Cuando se cumplieron los días en que ellos debían purificarse según la ley de Moisés, llevaron al niño a Jerusalén para presentárselo al Señor. Lo hicieron así porque en la ley del Señor está escrito: «Todo primer hijo varón será consagrado al Señor.» Fueron, pues, a ofrecer en sacrificio lo que manda la ley del Señor: un par de tórtolas o dos pichones de paloma. En aquel tiempo vivía en Jerusalén un hombre que se llamaba Simeón. Era un hombre justo y piadoso, que esperaba la restauración de Israel. El Espíritu Santo estaba con Simeón,  y le había hecho saber que no moriría sin ver antes al Mesías, a quien el Señor enviaría.  Guiado por el Espíritu Santo, Simeón fue al templo; y cuando los padres del niño Jesús lo llevaron también a él, para cumplir con lo que la ley ordenaba,  Simeón lo tomó en brazos y alabó a Dios, diciendo:  «Ahora, Señor, tu promesa está cumplida: puedes dejar que tu siervo muera en paz.

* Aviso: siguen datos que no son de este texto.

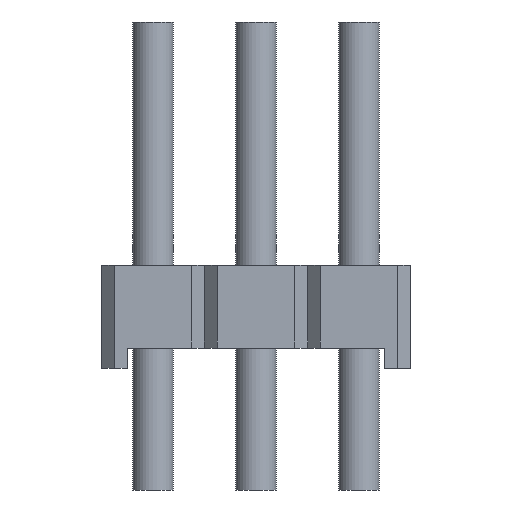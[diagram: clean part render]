
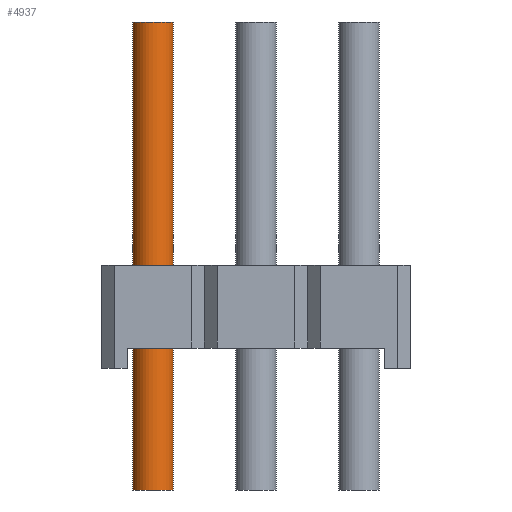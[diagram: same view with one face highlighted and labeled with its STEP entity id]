
A CAD part, left-side view. The second image highlights one B-rep face of the part: STEP entity #4937.
In plain terms, the highlighted cylindrical face has radius 0.5 mm (diameter 1 mm), a full revolution.
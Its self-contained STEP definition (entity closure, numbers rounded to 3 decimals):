
#107=CIRCLE('',#5238,0.5);
#108=CIRCLE('',#5239,0.5);
#288=CYLINDRICAL_SURFACE('',#5237,0.5);
#485=ORIENTED_EDGE('',*,*,#1903,.F.);
#486=ORIENTED_EDGE('',*,*,#1904,.T.);
#1903=EDGE_CURVE('',#2621,#2621,#107,.T.);
#1904=EDGE_CURVE('',#2622,#2622,#108,.T.);
#2621=VERTEX_POINT('',#7225);
#2622=VERTEX_POINT('',#7227);
#4193=EDGE_LOOP('',(#485));
#4194=EDGE_LOOP('',(#486));
#4485=FACE_BOUND('',#4193,.T.);
#4486=FACE_BOUND('',#4194,.T.);
#4937=ADVANCED_FACE('',(#4485,#4486),#288,.F.);
#5237=AXIS2_PLACEMENT_3D('',#7223,#5762,#5763);
#5238=AXIS2_PLACEMENT_3D('',#7224,#5764,#5765);
#5239=AXIS2_PLACEMENT_3D('',#7226,#5766,#5767);
#5762=DIRECTION('',(0.,0.,1.));
#5763=DIRECTION('',(1.,0.,0.));
#5764=DIRECTION('',(0.,0.,-1.));
#5765=DIRECTION('',(1.,0.,0.));
#5766=DIRECTION('',(0.,0.,-1.));
#5767=DIRECTION('',(1.,0.,0.));
#7223=CARTESIAN_POINT('',(0.,0.,0.));
#7224=CARTESIAN_POINT('',(0.,0.,11.54));
#7225=CARTESIAN_POINT('',(0.5,0.,11.54));
#7226=CARTESIAN_POINT('',(0.,0.,0.));
#7227=CARTESIAN_POINT('',(0.5,0.,0.));

Porque ya he visto la salvación  que has comenzado a realizar a la vista de todos los pueblos,  la luz que alumbrará a las naciones y que será la gloria de tu pueblo Israel.»  El padre y la madre de Jesús se quedaron admirados al oír lo que Simeón decía del niño.  Entonces Simeón les dio su bendición, y dijo a María, la madre de Jesús: Mira, este niño está destinado a hacer que muchos en Israel caigan o se levanten. Él será una señal que muchos rechazarán,  a fin de que las intenciones de muchos corazones queden al descubierto. Pero todo esto va a ser para ti como una espada que atraviese tu propia alma.  También estaba allí una profetisa llamada Ana, hija de Penuel, de la tribu de Aser. Era ya muy anciana. Se casó siendo muy joven, y había vivido con su marido siete años;  hacía ya ochenta y cuatro años que se había quedado viuda. Nunca salía del templo, sino que servía día y noche al Señor, con ayunos y oraciones.  Ana se presentó en aquel mismo momento, y comenzó a dar gracias a Dios y a hablar del niño Jesús a todos los que esperaban la liberación de Jerusalén.  Después de haber cumplido con todo lo que manda la ley del Señor, volvieron a Galilea, a su propio pueblo de Nazaret.  Y el niño crecía y se hacía más fuerte, estaba lleno de sabiduría y gozaba del favor de Dios.